◆ REQUIRED WORK: For each line of the data below that holds "outdoors", copy the line.

Stored data
━━━━━━━━━━

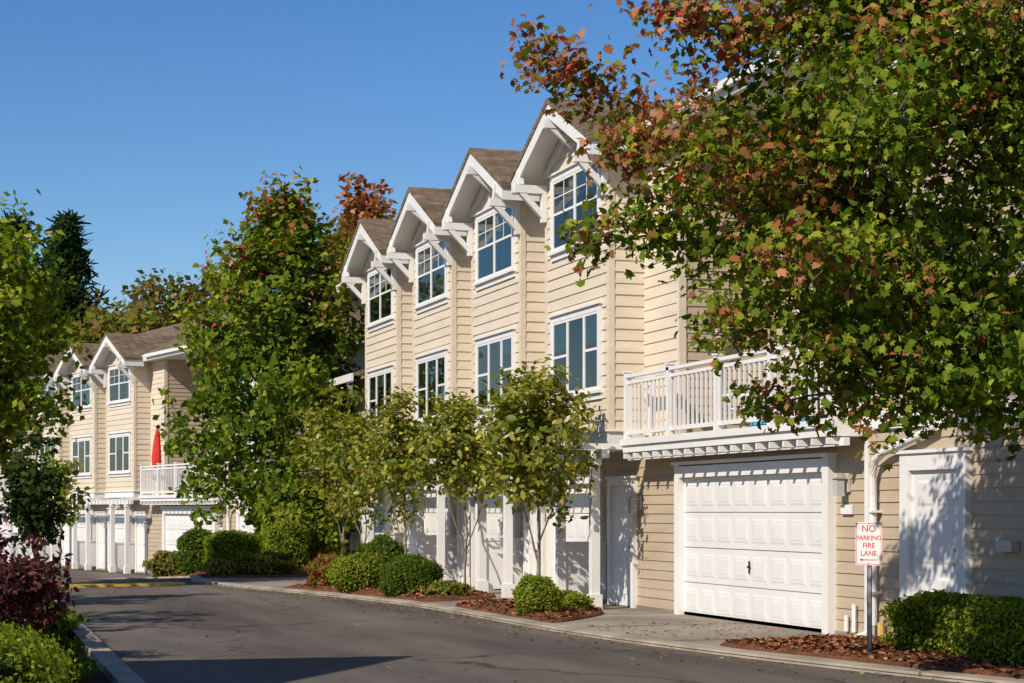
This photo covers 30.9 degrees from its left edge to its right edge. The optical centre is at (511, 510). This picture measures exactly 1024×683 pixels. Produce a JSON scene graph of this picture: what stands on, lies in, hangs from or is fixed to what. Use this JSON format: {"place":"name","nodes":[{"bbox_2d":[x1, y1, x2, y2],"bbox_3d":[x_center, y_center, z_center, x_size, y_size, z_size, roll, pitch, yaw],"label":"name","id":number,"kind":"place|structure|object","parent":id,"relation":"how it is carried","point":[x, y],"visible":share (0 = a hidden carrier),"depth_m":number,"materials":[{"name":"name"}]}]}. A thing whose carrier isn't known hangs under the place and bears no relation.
{"place":"outdoors","nodes":[
{"label":"outdoors","id":0,"kind":"place"},
{"bbox_2d":[1,562,150,575],"bbox_3d":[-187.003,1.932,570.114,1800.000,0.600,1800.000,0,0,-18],"label":"ground","id":1,"kind":"structure","parent":0,"point":[82,569],"depth_m":69.40,"materials":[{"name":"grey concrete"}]},
{"bbox_2d":[0,209,58,357],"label":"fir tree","id":2,"kind":"object","parent":1,"relation":"on","point":[19,220],"visible":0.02,"depth_m":89.71,"materials":[{"name":"green plant"}]},
{"bbox_2d":[34,208,115,343],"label":"fir tree","id":3,"kind":"object","parent":1,"relation":"on","point":[68,249],"visible":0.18,"depth_m":94.71,"materials":[{"name":"green plant"}]},
{"bbox_2d":[15,561,154,574],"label":"foundation","id":4,"kind":"object","parent":1,"relation":"on","point":[116,570],"depth_m":68.00,"materials":[{"name":"concrete"}]},
{"bbox_2d":[0,345,364,571],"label":"wall siding","id":5,"kind":"object","parent":4,"relation":"on","point":[180,381],"depth_m":64.15,"materials":[{"name":"beige wood"}]},
{"bbox_2d":[12,368,250,528],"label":"window blinds","id":6,"kind":"object","parent":5,"relation":"attached to","point":[119,443],"depth_m":66.43,"materials":[{"name":"white plastic"}]},
{"bbox_2d":[104,515,221,544],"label":"lamps and fittings","id":7,"kind":"object","parent":5,"relation":"attached to","point":[148,522],"visible":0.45,"depth_m":65.15,"materials":[{"name":"metal"}]},
{"bbox_2d":[0,334,363,573],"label":"trim and railings","id":8,"kind":"structure","parent":5,"relation":"attached to","point":[118,555],"depth_m":66.31,"materials":[{"name":"white paint"}]},
{"bbox_2d":[7,354,167,494],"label":"bay siding","id":9,"kind":"object","parent":8,"relation":"attached to","point":[100,421],"visible":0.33,"depth_m":65.98,"materials":[{"name":"beige wood"}]},
{"bbox_2d":[0,513,250,571],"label":"doors","id":10,"kind":"structure","parent":8,"relation":"attached to","point":[175,523],"depth_m":66.06,"materials":[{"name":"white paint"}]},
{"bbox_2d":[150,424,161,494],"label":"patio umbrella","id":11,"kind":"object","parent":8,"relation":"on","point":[156,454],"visible":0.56,"depth_m":64.13,"materials":[{"name":"fabric"}]},
{"bbox_2d":[5,289,364,440],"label":"shingle roof","id":12,"kind":"structure","parent":8,"relation":"on","point":[127,346],"depth_m":66.00,"materials":[{"name":"brown"}]},
{"bbox_2d":[55,599,144,682],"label":"kerb","id":13,"kind":"structure","parent":1,"relation":"on","point":[114,668],"depth_m":18.90,"materials":[{"name":"concrete"}]},
{"bbox_2d":[30,263,235,353],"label":"background oak tree","id":14,"kind":"object","parent":1,"relation":"on","point":[137,317],"visible":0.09,"depth_m":89.89,"materials":[{"name":"green plant"}]},
{"bbox_2d":[295,171,397,370],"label":"sweetgum tree","id":15,"kind":"object","parent":1,"relation":"on","point":[360,204],"visible":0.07,"depth_m":61.84,"materials":[{"name":"red plant"}]},
{"bbox_2d":[103,576,1023,682],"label":"kerb","id":16,"kind":"structure","parent":1,"relation":"on","point":[847,665],"depth_m":21.98,"materials":[{"name":"concrete"}]},
{"bbox_2d":[455,573,875,636],"bbox_3d":[4.588,0.420,36.130,8.760,3.000,37.860,0,0,-18],"label":"foundation","id":17,"kind":"object","parent":1,"relation":"on","point":[718,617],"depth_m":26.79,"materials":[{"name":"concrete"}]},
{"bbox_2d":[348,0,1023,636],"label":"wall siding","id":18,"kind":"object","parent":17,"relation":"on","point":[996,500],"depth_m":23.39,"materials":[{"name":"beige wood"}]},
{"bbox_2d":[370,51,952,511],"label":"window blinds","id":19,"kind":"object","parent":18,"relation":"attached to","point":[590,339],"depth_m":32.16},
{"bbox_2d":[306,2,1023,635],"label":"trim and railings","id":20,"kind":"structure","parent":18,"relation":"attached to","point":[572,566],"depth_m":30.28,"materials":[{"name":"white paint"}]},
{"bbox_2d":[341,97,657,375],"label":"shingle roof","id":21,"kind":"structure","parent":20,"relation":"on","point":[500,166],"depth_m":35.42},
{"bbox_2d":[365,136,685,453],"bbox_3d":[-0.686,-3.900,37.804,0.718,5.640,19.530,0,0,-18],"label":"bay siding","id":22,"kind":"object","parent":20,"relation":"attached to","point":[643,310],"visible":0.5,"depth_m":32.70,"materials":[{"name":"beige wood"}]},
{"bbox_2d":[345,469,955,632],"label":"doors","id":23,"kind":"structure","parent":20,"relation":"attached to","point":[933,521],"depth_m":26.16,"materials":[{"name":"white paint"}]},
{"bbox_2d":[349,539,749,573],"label":"door handles","id":24,"kind":"object","parent":23,"relation":"attached to","point":[748,566],"depth_m":26.18,"materials":[{"name":"black metal"}]},
{"bbox_2d":[723,373,756,428],"bbox_3d":[3.391,-1.590,27.844,0.560,0.980,0.550,0,0,20],"label":"patio chair","id":25,"kind":"object","parent":20,"relation":"on","point":[725,426],"visible":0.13,"depth_m":27.95,"materials":[{"name":"white paint"}]},
{"bbox_2d":[750,410,820,425],"bbox_3d":[3.701,-1.360,25.052,0.450,0.360,1.500,0,0,-18],"label":"blue tarp bundle","id":26,"kind":"object","parent":20,"relation":"on","point":[755,423],"visible":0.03,"depth_m":25.29,"materials":[{"name":"blue plastic"}]},
{"bbox_2d":[413,328,1018,565],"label":"lamps and fittings","id":27,"kind":"object","parent":18,"relation":"attached to","point":[1006,546],"visible":0.59,"depth_m":23.41,"materials":[{"name":"metal"}]},
{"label":"mulch bed","id":28,"kind":"object","parent":1,"relation":"on","visible":0},
{"bbox_2d":[277,385,378,554],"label":"magnolia tree","id":29,"kind":"object","parent":28,"relation":"on","point":[320,419],"visible":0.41,"depth_m":44.94,"materials":[{"name":"green plant"}]},
{"bbox_2d":[73,376,89,405],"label":"window curtains","id":30,"kind":"object","parent":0,"point":[76,386],"depth_m":70.15,"materials":[{"name":"white fabric"}]},
{"bbox_2d":[62,631,110,682],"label":"planting verge","id":31,"kind":"structure","parent":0,"point":[100,677],"depth_m":17.45,"materials":[{"name":"brown soil"}]},
{"bbox_2d":[0,415,75,570],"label":"weeping tree","id":32,"kind":"object","parent":31,"relation":"on","point":[29,488],"visible":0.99,"depth_m":32.80,"materials":[{"name":"green plant"}]},
{"bbox_2d":[0,518,82,637],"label":"smoke bush","id":33,"kind":"object","parent":31,"relation":"on","point":[17,581],"visible":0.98,"depth_m":19.79,"materials":[{"name":"purple plant"}]},
{"bbox_2d":[0,591,89,638],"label":"groundcover plant","id":34,"kind":"object","parent":31,"relation":"on","point":[71,619],"visible":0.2,"depth_m":21.50,"materials":[{"name":"green plant"}]},
{"bbox_2d":[0,619,90,682],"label":"hedge","id":35,"kind":"object","parent":31,"relation":"on","point":[25,657],"visible":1,"depth_m":12.60,"materials":[{"name":"green plant"}]},
{"bbox_2d":[0,189,94,471],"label":"maple tree","id":36,"kind":"object","parent":31,"relation":"on","point":[20,391],"visible":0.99,"depth_m":37.83,"materials":[{"name":"green plant"}]},
{"bbox_2d":[36,635,100,682],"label":"groundcover plant","id":37,"kind":"object","parent":31,"relation":"on","point":[85,662],"visible":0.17,"depth_m":16.87,"materials":[{"name":"green plant"}]},
{"bbox_2d":[16,361,250,486],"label":"window interiors","id":38,"kind":"object","parent":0,"point":[114,389],"depth_m":66.64,"materials":[{"name":"grey glass"}]},
{"bbox_2d":[0,0,824,318],"label":"sky","id":39,"kind":"structure","parent":0,"point":[146,120],"materials":[{"name":"blue"}]},
{"bbox_2d":[3,566,960,682],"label":"asphalt road","id":40,"kind":"structure","parent":0,"point":[317,631],"depth_m":21.96,"materials":[{"name":"grey asphalt"}]},
{"bbox_2d":[5,448,95,578],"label":"young tree","id":41,"kind":"object","parent":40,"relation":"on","point":[71,500],"visible":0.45,"depth_m":49.16,"materials":[{"name":"green plant"}]},
{"bbox_2d":[61,582,184,587],"bbox_3d":[-8.592,1.618,39.925,3.011,0.104,0.799,0,0,-34],"label":"bump","id":42,"kind":"object","parent":40,"relation":"on","point":[125,584],"visible":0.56,"depth_m":39.84},
{"bbox_2d":[69,582,956,682],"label":"fallen leaves","id":43,"kind":"object","parent":40,"relation":"on","point":[507,629],"visible":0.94,"depth_m":25.01,"materials":[{"name":"brown plant"}]},
{"bbox_2d":[479,208,510,276],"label":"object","id":44,"kind":"object","parent":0,"point":[503,253],"depth_m":35.72,"materials":[{"name":"blue glass"}]},
{"bbox_2d":[190,577,994,682],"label":"concrete driveway","id":45,"kind":"structure","parent":0,"point":[640,617],"depth_m":25.69,"materials":[{"name":"grey concrete"}]},
{"bbox_2d":[308,409,396,543],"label":"magnolia tree","id":46,"kind":"object","parent":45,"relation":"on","point":[350,498],"visible":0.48,"depth_m":41.91,"materials":[{"name":"green plant"}]},
{"bbox_2d":[352,534,408,562],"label":"rhododendron bush","id":47,"kind":"object","parent":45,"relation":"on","point":[385,547],"visible":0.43,"depth_m":40.94,"materials":[{"name":"green plant"}]},
{"bbox_2d":[284,583,495,601],"bbox_3d":[-2.163,1.532,35.739,2.340,0.217,6.567,0,0,-28],"label":"mulch bed","id":48,"kind":"object","parent":45,"relation":"on","point":[427,597],"visible":0.3,"depth_m":33.82,"materials":[{"name":"brown wood"}]},
{"bbox_2d":[303,552,343,586],"bbox_3d":[-3.515,1.257,37.360,1.400,0.856,1.770,0,0,-18],"label":"red barberry bush","id":49,"kind":"object","parent":48,"relation":"on","point":[317,570],"visible":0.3,"depth_m":36.99,"materials":[{"name":"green plant"}]},
{"bbox_2d":[325,552,384,592],"bbox_3d":[-2.989,1.212,35.747,1.203,0.858,1.251,0,0,-18],"label":"boxwood shrub","id":50,"kind":"object","parent":48,"relation":"on","point":[354,571],"visible":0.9,"depth_m":35.35,"materials":[{"name":"green plant"}]},
{"bbox_2d":[376,552,445,597],"bbox_3d":[-1.851,1.223,33.717,1.267,0.945,1.315,0,0,-18],"label":"boxwood shrub","id":51,"kind":"object","parent":48,"relation":"on","point":[402,574],"visible":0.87,"depth_m":33.29,"materials":[{"name":"green plant"}]},
{"bbox_2d":[411,579,471,595],"bbox_3d":[-1.288,1.448,33.473,1.166,0.472,0.942,0,0,-18],"label":"groundcover plant","id":52,"kind":"object","parent":48,"relation":"on","point":[442,587],"visible":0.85,"depth_m":33.21,"materials":[{"name":"green plant"}]},
{"bbox_2d":[399,388,516,583],"bbox_3d":[-1.022,-0.397,34.939,2.382,3.890,2.130,0,0,-18],"label":"magnolia tree","id":53,"kind":"object","parent":48,"relation":"on","point":[458,456],"visible":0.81,"depth_m":34.61,"materials":[{"name":"green plant"}]},
{"bbox_2d":[455,598,603,622],"bbox_3d":[0.530,1.521,28.846,1.968,0.238,4.937,0,0,-18],"label":"mulch bed","id":54,"kind":"object","parent":45,"relation":"on","point":[503,606],"visible":0.56,"depth_m":27.90,"materials":[{"name":"brown wood"}]},
{"bbox_2d":[470,353,601,575],"bbox_3d":[0.346,-0.472,29.529,2.430,4.042,2.316,0,0,39],"label":"magnolia tree","id":55,"kind":"object","parent":54,"relation":"on","point":[529,459],"visible":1,"depth_m":29.35,"materials":[{"name":"green plant"}]},
{"bbox_2d":[511,573,564,615],"bbox_3d":[0.360,1.300,27.269,0.776,0.773,0.827,0,0,-18],"label":"boxwood shrub","id":56,"kind":"object","parent":54,"relation":"on","point":[531,593],"visible":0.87,"depth_m":27.01,"materials":[{"name":"green plant"}]},
{"bbox_2d":[558,588,594,608],"bbox_3d":[0.711,1.400,28.445,1.075,0.449,1.141,0,0,-18],"label":"boxwood shrub","id":57,"kind":"object","parent":54,"relation":"on","point":[574,598],"visible":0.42,"depth_m":28.06,"materials":[{"name":"green plant"}]},
{"bbox_2d":[589,623,749,626],"bbox_3d":[2.203,1.589,25.770,2.450,0.005,0.016,0,0,-18],"label":"driveway joint","id":58,"kind":"object","parent":45,"relation":"on","point":[654,625],"visible":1,"depth_m":25.67,"materials":[{"name":"grey concrete"}]},
{"bbox_2d":[720,633,1023,678],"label":"mulch bed","id":59,"kind":"object","parent":45,"relation":"on","point":[851,647],"visible":0.69,"depth_m":19.82,"materials":[{"name":"brown wood"}]},
{"bbox_2d":[856,522,881,649],"bbox_3d":[3.873,0.895,20.057,0.310,1.550,0.036,0,0,35],"label":"no parking sign","id":60,"kind":"object","parent":59,"relation":"on","point":[869,544],"visible":1,"depth_m":20.06,"materials":[{"name":"metal"}]},
{"bbox_2d":[877,622,884,635],"bbox_3d":[4.497,1.450,22.545,0.083,0.180,0.083,0,0,4],"label":"pipe stub","id":61,"kind":"object","parent":59,"relation":"on","point":[880,628],"visible":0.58,"depth_m":22.51,"materials":[{"name":"yellow plastic"}]},
{"bbox_2d":[878,588,1023,663],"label":"hedge","id":62,"kind":"object","parent":59,"relation":"on","point":[991,627],"visible":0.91,"depth_m":19.18,"materials":[{"name":"green plant"}]},
{"bbox_3d":[-2.175,1.532,38.876,1.265,0.216,2.232,0,0,-18],"label":"mulch bed","id":63,"kind":"object","parent":45,"relation":"on","visible":0},
{"bbox_2d":[340,386,436,553],"bbox_3d":[-2.407,-0.540,38.768,2.192,4.174,2.435,0,0,33],"label":"magnolia tree","id":64,"kind":"object","parent":63,"relation":"on","point":[394,425],"visible":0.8,"depth_m":38.46,"materials":[{"name":"green plant"}]},
{"bbox_2d":[370,46,953,424],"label":"window interiors","id":65,"kind":"object","parent":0,"point":[575,353],"depth_m":35.55,"materials":[{"name":"blue glass"}]},
{"bbox_2d":[500,0,1023,471],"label":"sweetgum tree","id":66,"kind":"object","parent":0,"point":[849,264],"visible":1,"depth_m":15.46,"materials":[{"name":"green plant"}]},
{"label":"concrete driveway","id":67,"kind":"structure","parent":0,"visible":0},
{"bbox_2d":[168,569,307,577],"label":"mulch bed","id":68,"kind":"object","parent":67,"relation":"on","point":[300,573],"visible":0.2,"depth_m":44.25,"materials":[{"name":"brown wood"}]},
{"bbox_2d":[141,549,183,577],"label":"groundcover plant","id":69,"kind":"object","parent":68,"relation":"on","point":[161,563],"visible":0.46,"depth_m":49.00,"materials":[{"name":"green plant"}]},
{"bbox_2d":[175,527,214,575],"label":"boxwood shrub","id":70,"kind":"object","parent":68,"relation":"on","point":[190,551],"visible":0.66,"depth_m":46.03,"materials":[{"name":"green plant"}]},
{"bbox_2d":[200,554,246,575],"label":"groundcover plant","id":71,"kind":"object","parent":68,"relation":"on","point":[226,565],"visible":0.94,"depth_m":44.14,"materials":[{"name":"green plant"}]},
{"bbox_2d":[201,529,262,564],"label":"clipped hedge","id":72,"kind":"object","parent":68,"relation":"on","point":[233,543],"visible":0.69,"depth_m":44.83,"materials":[{"name":"green plant"}]},
{"bbox_2d":[152,166,364,539],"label":"sweetgum tree","id":73,"kind":"object","parent":68,"relation":"on","point":[291,363],"visible":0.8,"depth_m":49.09,"materials":[{"name":"green plant"}]},
{"bbox_2d":[236,551,300,574],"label":"groundcover plant","id":74,"kind":"object","parent":68,"relation":"on","point":[267,563],"visible":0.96,"depth_m":44.33,"materials":[{"name":"green plant"}]},
{"bbox_2d":[261,517,310,568],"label":"boxwood shrub","id":75,"kind":"object","parent":68,"relation":"on","point":[290,537],"visible":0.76,"depth_m":46.12,"materials":[{"name":"green plant"}]},
{"bbox_2d":[251,473,354,565],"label":"laurel bush","id":76,"kind":"object","parent":68,"relation":"on","point":[306,508],"visible":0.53,"depth_m":47.78,"materials":[{"name":"green plant"}]}
]}

━━━━━━━━━━

◆ ANSWER BELOW:
{"place":"outdoors","nodes":[
{"label":"outdoors","id":0,"kind":"place"},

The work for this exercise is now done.